The capitalist economic system operates as a positive feedback loop. The more resources you have the easier it is to get more. This describes a runaway effect: nuclear fission is an example of a positive feedback loop. A thermostat, on the other hand, operates as a negative feedback loop, and has the effect of putting a natural limit on the phenomenon in question. Those born to wealth will in their time tend acquire even more wealth, while those at the bottom will tend to have less and less. The odds are astronomically high that any particular person born in the world at any given moment will find themselves at or near the very bottom. This fact in itself makes me very skeptical of the “we chose our position in life in order to learn certain lessons” school of thought. Why would so many agree to such a miserable existence? 

It is not as if we could simply opt out. All of the livable space in the world is controlled, and access to it requires paying rent. We do not have the basic right of every wild animal, the right to exist unmolested on the planet, making our own way. There is nowhere in the world that you can do that, even if you could afford to go to such a place. We are born in a specific country, a completely artificial construct, yet one which, second only to our parentage, will largely determine our fate. We cannot simply choose to belong to a different country, except by dint of monumental effort we are tied to one place, one political entity. That political entity has life and death power over you. It can order you to fight to the death on its behalf. It can take away your freedom of movement and action for the rest of your life, or even take away your life itself if it so chooses. 

Perhaps the most important feature of our societal system is that we believe that it is the best way of life ever invented, and everyone in the world should live that way.  The idea of opting out is thought of as aberrant. The only way forward is more and better civilization. All other choices are unthinkable.

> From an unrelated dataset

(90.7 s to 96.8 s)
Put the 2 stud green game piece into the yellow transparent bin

Yet all of it is a human construct. Nothing about the way society operates is dictated by any natural law. Gravity and friction are examples of natural law. We are bound by their effects no matter how much we may deny their existence. Countries and civilizations and economies are artificial constructs made up by people, and their rules were made up by people, and could just as well be completely different. Countless varieties of society have existed throughout history. All of these things that absolutely govern our lives are constructs that we collectively agree to. They are constructs that can change, will change, indeed are changing right now. 

Imprisonment

We say “serving prison time,” which I believe is a phrase that enables us to avoid confronting the truth of what we are doing to our prisoners. I have come to believe that the idea of imprisonment as a routine punishment for all manner of transgressions against the community is a moral outrage. Next to our life itself, our freedom of action and movement is the most precious thing we have, and indeed some would say that without it life itself is worth very little. Yet we debate between locking people away for ten years or fifteen as though there were little to choose between them. We speak blithely of locking people away for the rest of their lives, with not even the remotest conception of what we are condemning them to. 

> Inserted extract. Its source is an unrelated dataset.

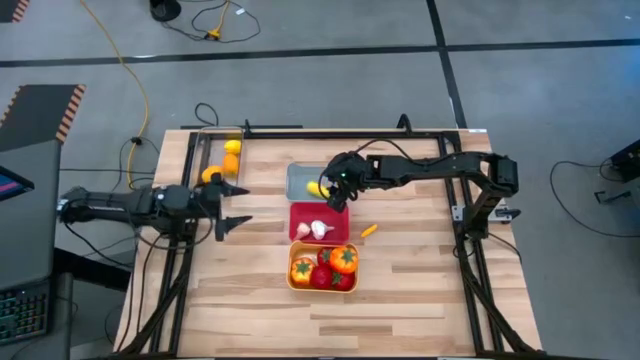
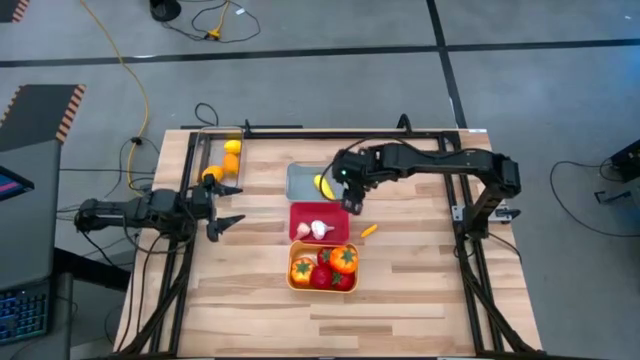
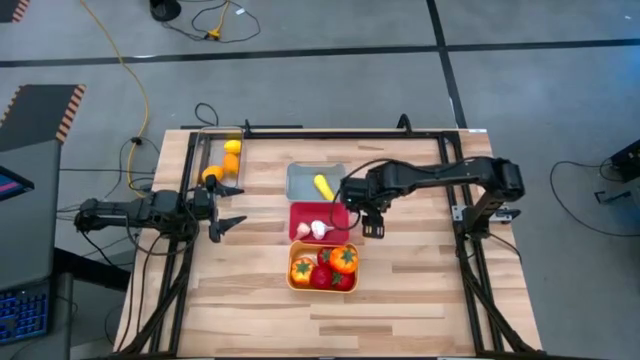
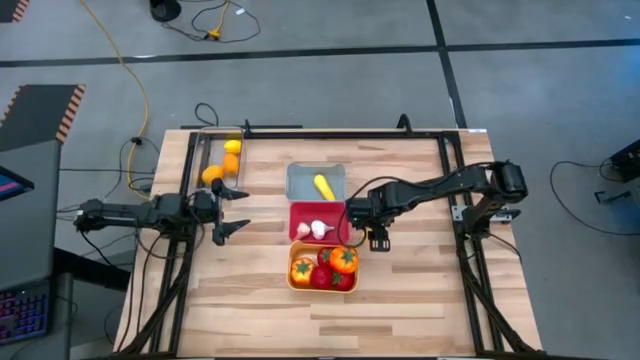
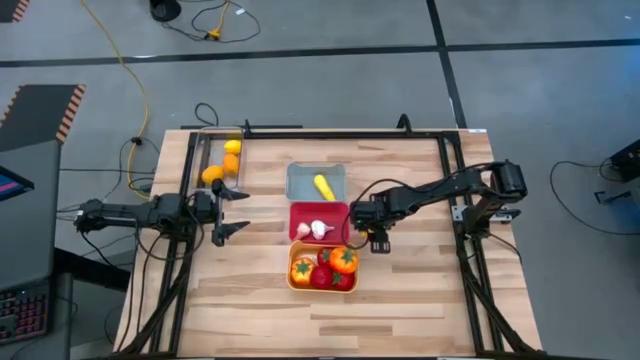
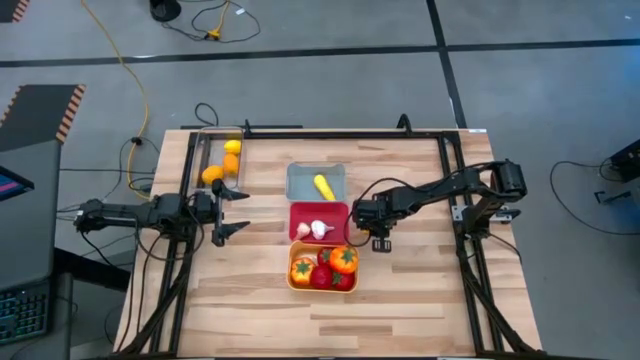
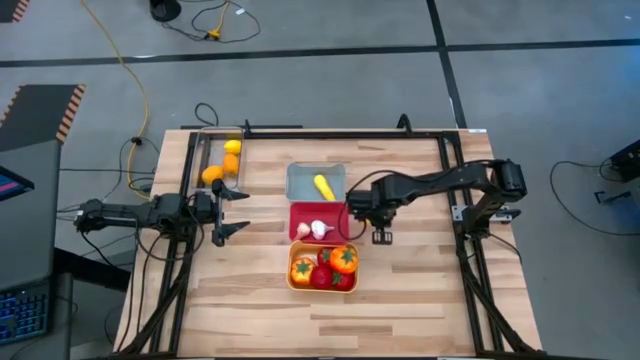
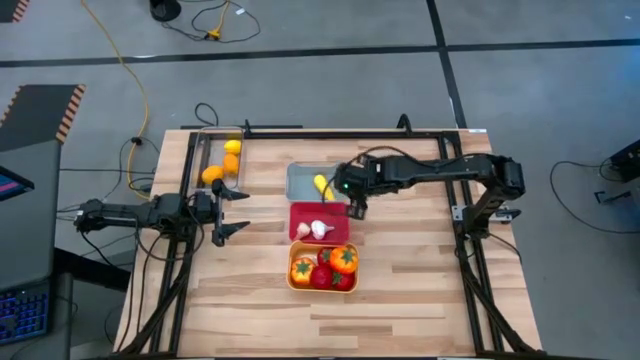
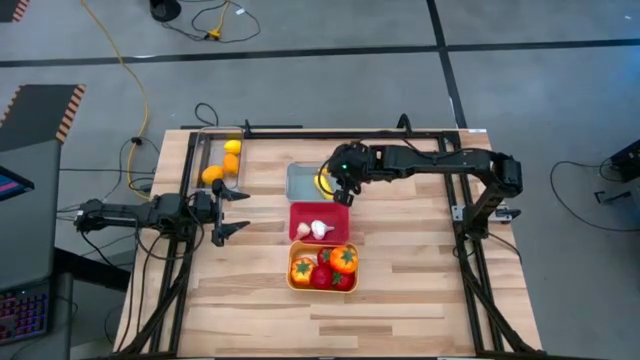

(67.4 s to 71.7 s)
Task: Sort produce into baskets
Put the yellow corn into the gray bin

It is not simply the deprivation of freedom, though that is in my mind enough alone to condemn the practice, it is also the conditions under which prisoners are kept. They are put almost entirely at the mercy of prison staff, who are hired largely for their “tough” qualities. A kindly, empathetic prison guard will not last long at the job. We have seen from well-known experiments the effect on people of giving them power over others, even in academic laboratory settings. Imagine how bad it can get in real life situations in such places as maximum security prisons. The truth is truly horrific. 

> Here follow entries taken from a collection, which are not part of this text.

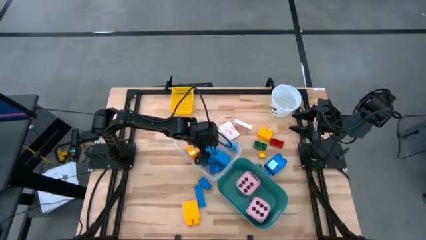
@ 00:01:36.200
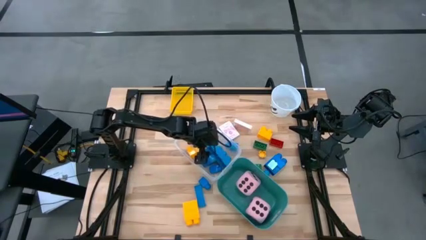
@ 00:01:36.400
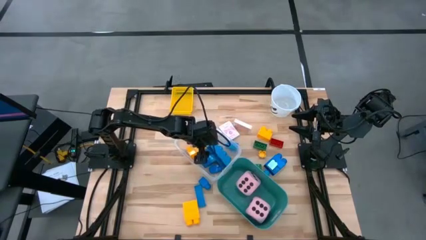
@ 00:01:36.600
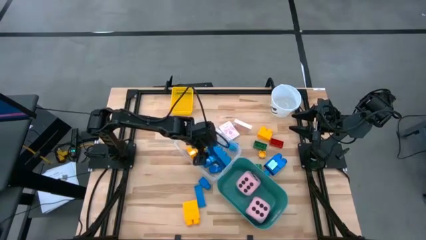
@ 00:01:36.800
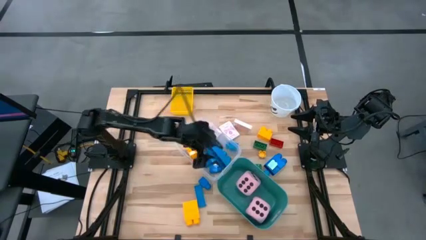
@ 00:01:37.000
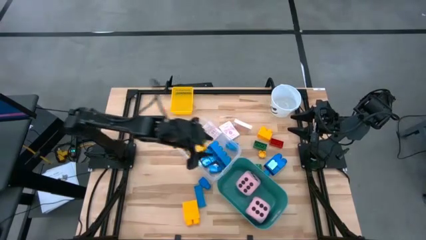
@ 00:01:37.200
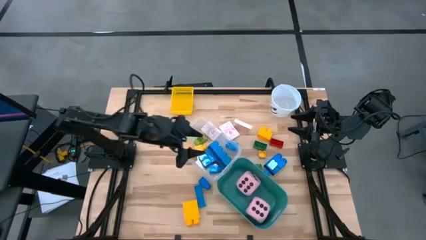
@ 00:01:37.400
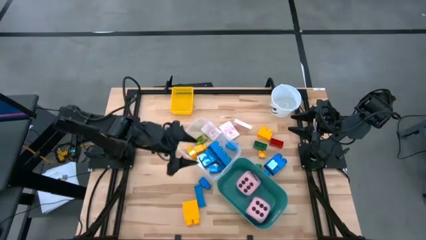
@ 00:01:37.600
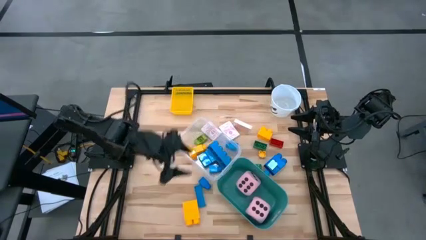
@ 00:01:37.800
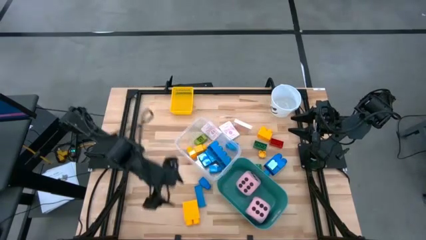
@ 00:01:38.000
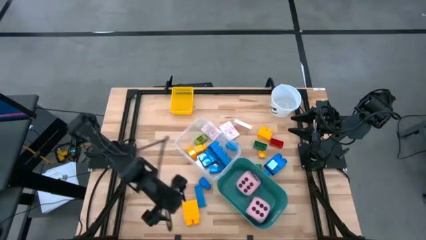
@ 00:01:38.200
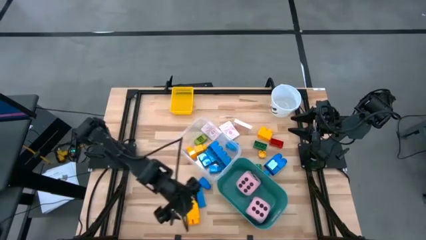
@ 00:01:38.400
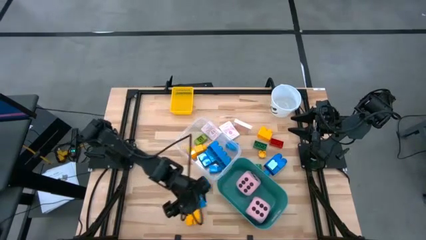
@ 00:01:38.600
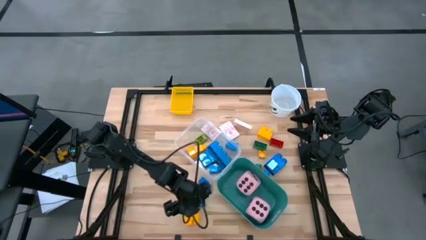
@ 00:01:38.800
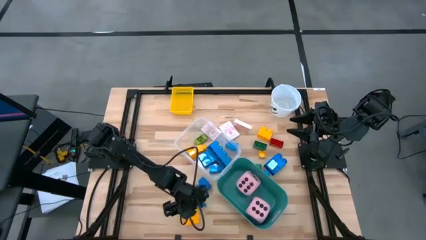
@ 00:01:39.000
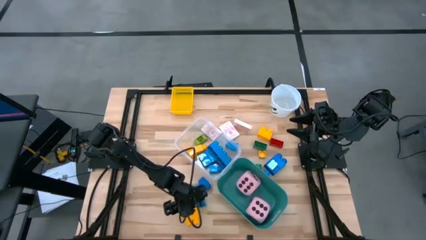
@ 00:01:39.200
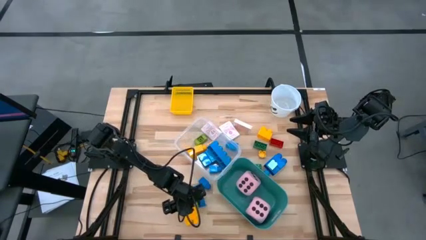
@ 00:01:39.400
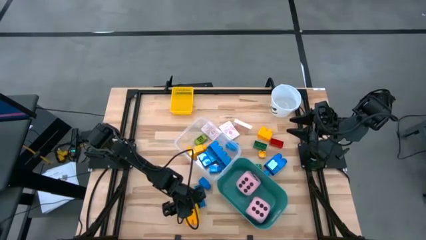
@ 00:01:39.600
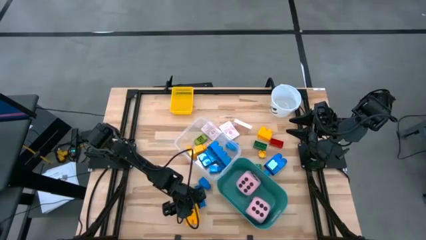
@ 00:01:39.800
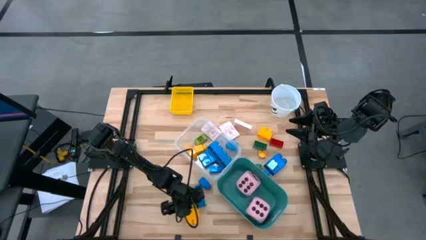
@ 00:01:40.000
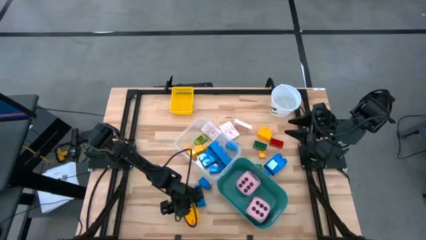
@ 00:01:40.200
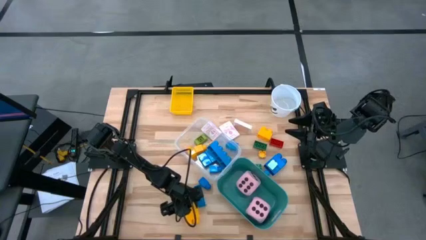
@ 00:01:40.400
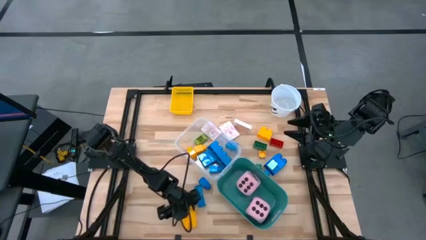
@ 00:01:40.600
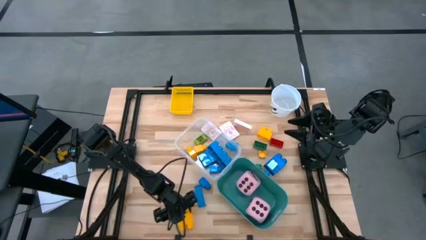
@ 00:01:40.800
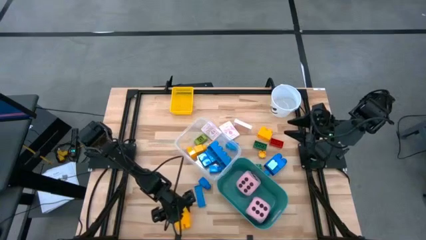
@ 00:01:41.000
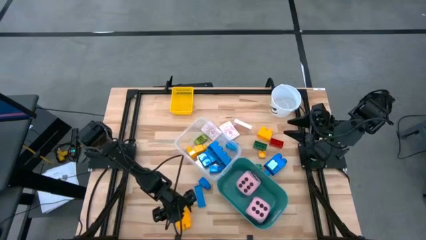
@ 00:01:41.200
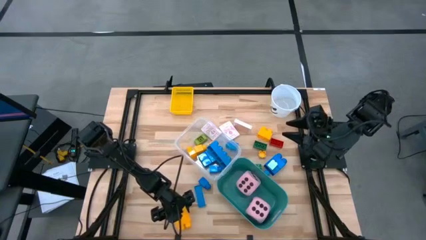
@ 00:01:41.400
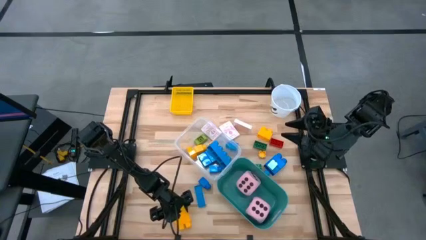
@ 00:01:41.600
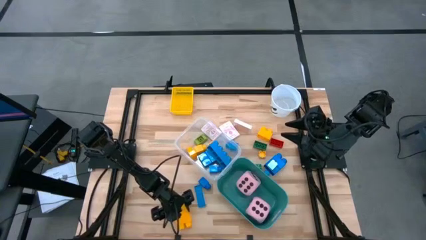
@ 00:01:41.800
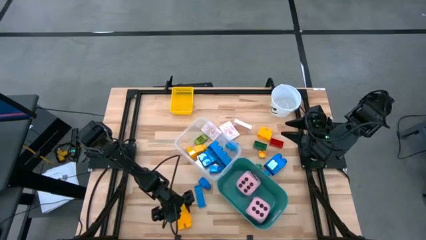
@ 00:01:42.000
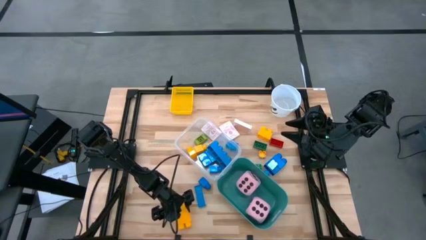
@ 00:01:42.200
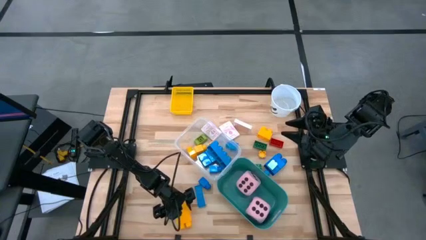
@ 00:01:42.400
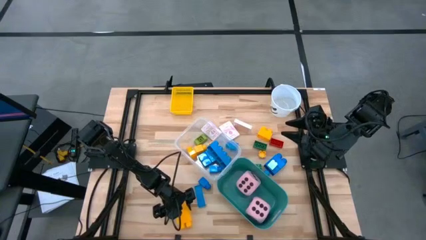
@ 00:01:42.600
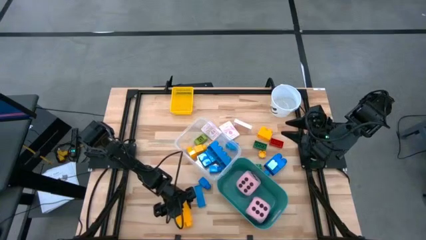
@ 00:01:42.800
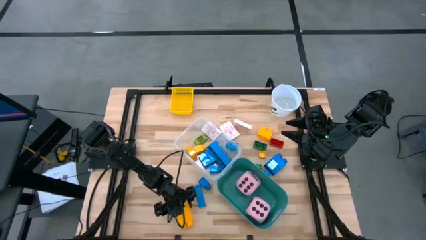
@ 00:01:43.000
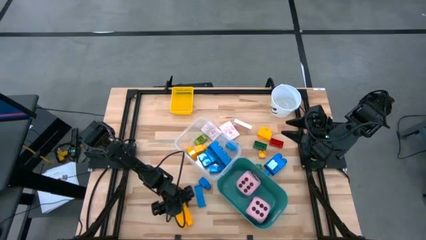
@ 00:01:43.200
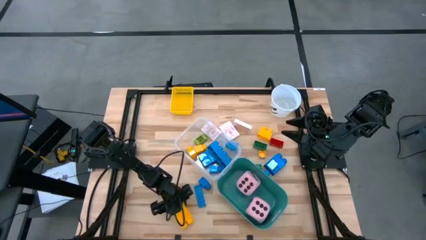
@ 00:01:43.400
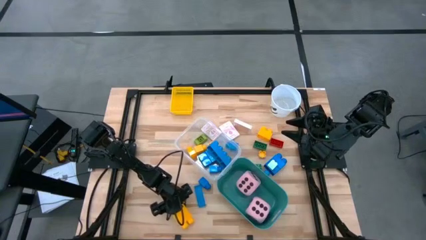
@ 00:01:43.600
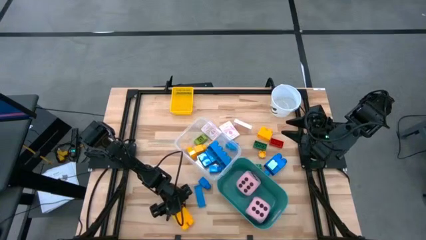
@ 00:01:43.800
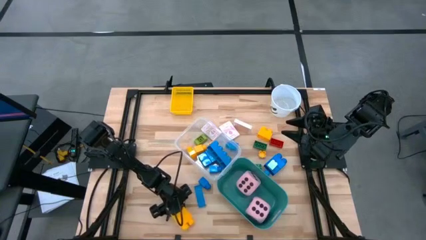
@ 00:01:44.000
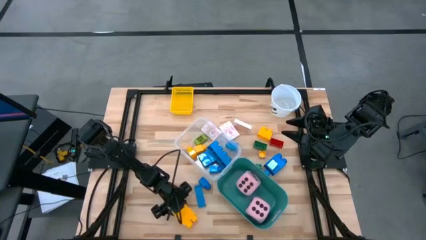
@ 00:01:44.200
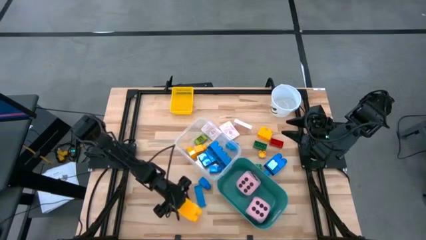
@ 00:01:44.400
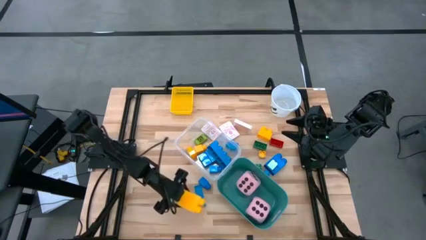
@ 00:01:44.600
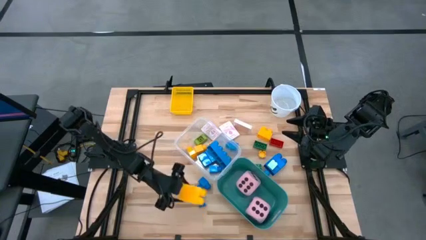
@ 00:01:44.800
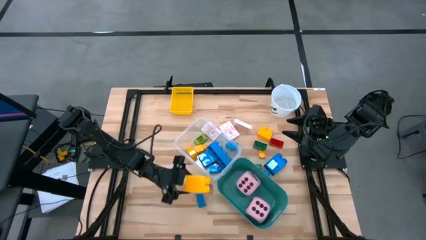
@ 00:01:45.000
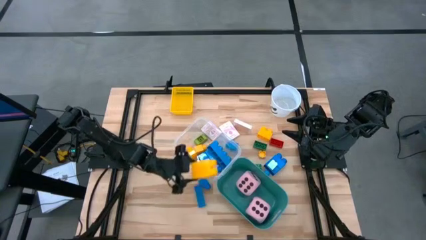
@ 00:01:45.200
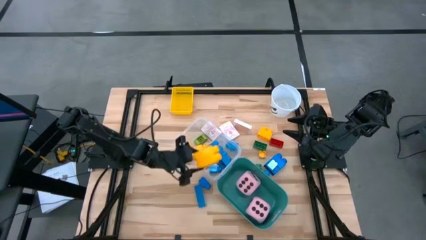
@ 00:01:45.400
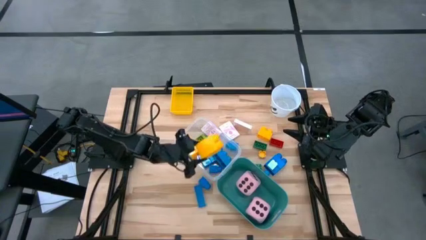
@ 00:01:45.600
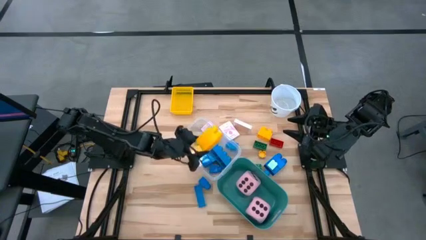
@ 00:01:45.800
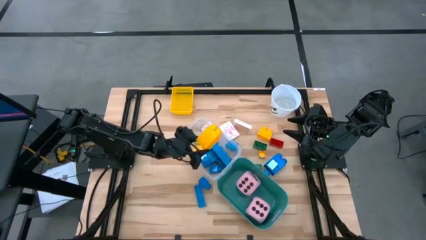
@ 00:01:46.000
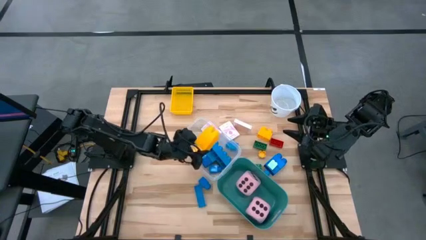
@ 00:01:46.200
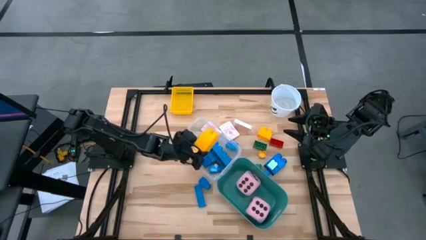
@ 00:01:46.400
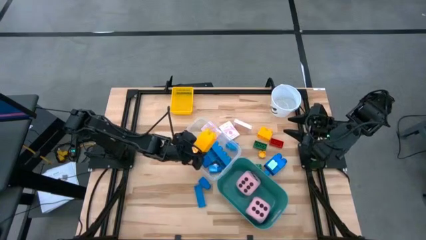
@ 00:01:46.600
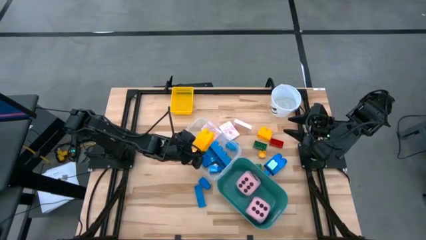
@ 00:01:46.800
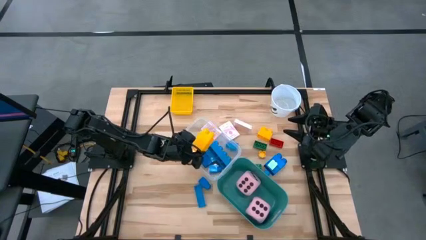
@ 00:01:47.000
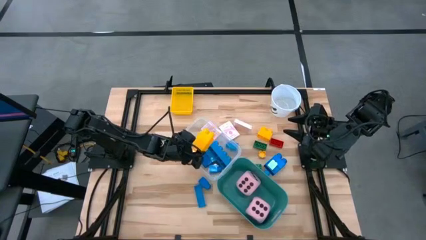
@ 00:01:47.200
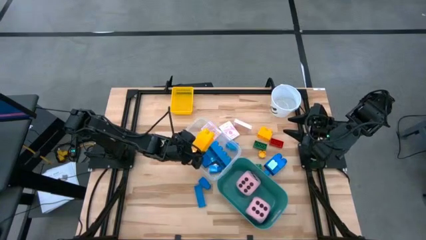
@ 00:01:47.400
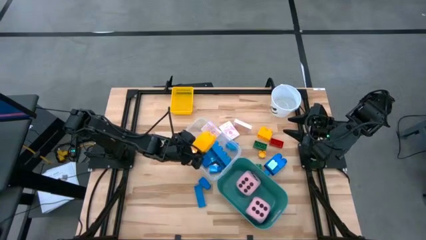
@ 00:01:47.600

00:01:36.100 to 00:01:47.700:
Task: Pick & Place Toys
Put the yellow game pieces into the transparent bin

The social purposes supposedly being served by this system are said to be fourfold: rehabilitation, segregation, deterrence and punishment. Cure them of their criminality, put them where they cannot do further harm, and apply sanctions for their criminal behavior that provide serious consequences and by their harshness discourage others from doing similar things. 

Rehabilitation is so little practiced in our prison systems that one might say that the exact reverse is taking place. There may be, it is true, places in the US where genuinely “enlightened” prison methods are being used, though the expression itself seems to me to be an oxymoron, but if so they are very much in the minority. The rest of the system can fairly be described as schools for crime. Universities, in fact. Prisons turn a large proportion of their inmates into lifetime criminals. 

Locking criminals away does indeed prevent them from committing further crimes while they are locked away, but at very great cost. The main problem is that at some point most of them will end up being released. After perhaps decades of harsh inhumane treatment they are turned loose with only whatever possessions they had with them when arrested, and a few dollars. Is it any wonder that they have difficulties readjusting to outside life, or that many of them end up back inside within a short time, sometimes preferring that life to the challenges of freedom. The only thing they know is the criminal life, and the only people they know are criminals. 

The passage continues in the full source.